SP 4 + SP 6 Expanding technological horizons

when forging in different temperature ranges (P 1058 / Pre-Competitive Cooperative Industrial Research Project (IGF) No. 18229 N ; P 1154 / IGF-No. 1940 N) IFUM, IUL, IFU

The work in subproject 4 aims at expanding technological horizons when forging parts optimized with respect to lightweight design. The goal is to exploit lightweight design potential for components of the powertrain and chassis. Using new and expanded forging technologies, optimized process routes as well as the generation of local strengths, innovative forging solutions will be analysed for achieving lightweighting.
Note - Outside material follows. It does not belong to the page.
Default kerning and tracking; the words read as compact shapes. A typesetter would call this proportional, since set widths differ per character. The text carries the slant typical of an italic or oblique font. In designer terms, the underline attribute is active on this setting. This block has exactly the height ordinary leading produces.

In the area of cold forging, the cold extrusion of thin-walled hollow parts (piston pins) will be analysed at the IFU Stuttgart under the aspects of materials and processes in order to increase part strength. On the one hand, analyses will be carried out to determine whether or not it is possible to use the incremental forging of conventional materials to avoid downstream heat treatment for surface hardening. On the other hand, investigations should be conducted to find out if the incremental processes can be used on surfaces which have already undergone induction or case hardening. Incremental deep rolling will continue to be analysed on a transmission shaft produced at the IUL Dortmund by means of a multi-stage extrusion process. Through targeted design of extrusion tools, it should be possible to set the surface properties of the transmission shaft selectively. Final machining of the cold forged piston pin will be carried out in SP3.
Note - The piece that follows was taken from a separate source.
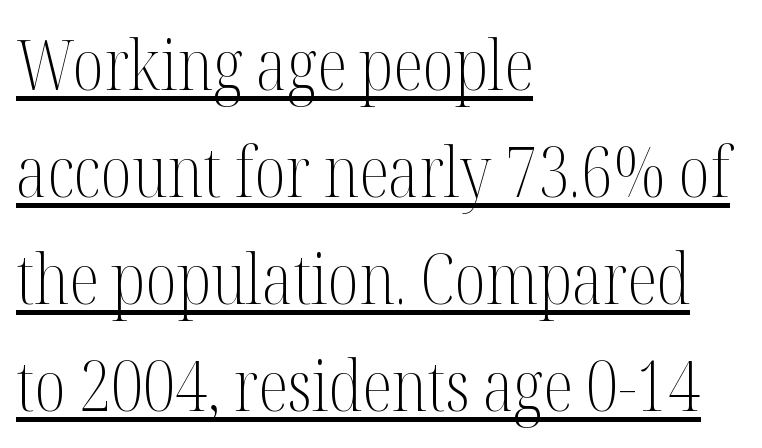
The image shows 69 px light, condensed serif type, upright; set left-aligned, normal line spacing (1.55x), normal letter spacing, underlined; medium stroke contrast and a medium x-height.

In the area of hot forging at the IFUM Hanover, a contribution to lightweight design can be achieved in the production of splined parts. Due to the advantageous fibre flow of the gear rims produced by precision forging at the IFUM Hanover, they are able to bear the same loads with smaller part dimensions as gear rims produced by machining. Furthermore, it will be analysed how a warm calibration process of the precision forged gear rim with different phases (austenite, ferrite/pearlite) reacts with strain hardening through microstructural effects and a surface improvement. The forged gear rims, which are reproducible due to a fully automated process, will be made available to SP2 for heat treatment as well as for the joining process by means of forming.